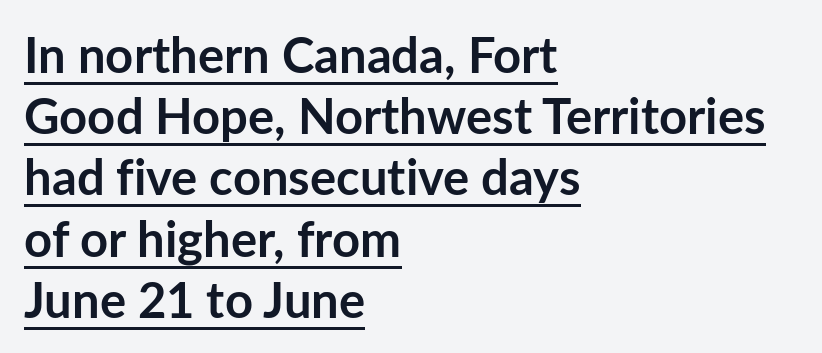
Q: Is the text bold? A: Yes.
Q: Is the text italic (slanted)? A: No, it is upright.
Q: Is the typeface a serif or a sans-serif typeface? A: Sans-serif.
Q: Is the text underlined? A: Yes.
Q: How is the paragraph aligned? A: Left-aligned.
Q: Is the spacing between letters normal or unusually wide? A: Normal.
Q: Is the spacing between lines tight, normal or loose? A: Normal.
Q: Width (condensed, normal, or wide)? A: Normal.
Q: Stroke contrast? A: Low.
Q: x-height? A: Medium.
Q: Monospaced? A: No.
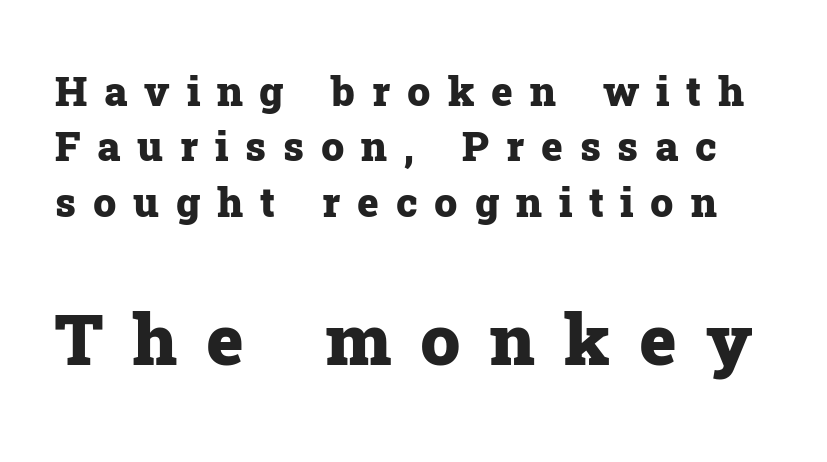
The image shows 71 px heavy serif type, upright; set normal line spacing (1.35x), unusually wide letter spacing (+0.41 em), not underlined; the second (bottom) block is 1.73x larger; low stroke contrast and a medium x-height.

◆ Task to carry out
Would you please copy every line from the listing above that contains the word "upright"?

◆ Task result
Q: Is the text italic (slanted)? A: No, it is upright.
The image shows 71 px heavy serif type, upright; set normal line spacing (1.35x), unusually wide letter spacing (+0.41 em), not underlined; the second (bottom) block is 1.73x larger; low stroke contrast and a medium x-height.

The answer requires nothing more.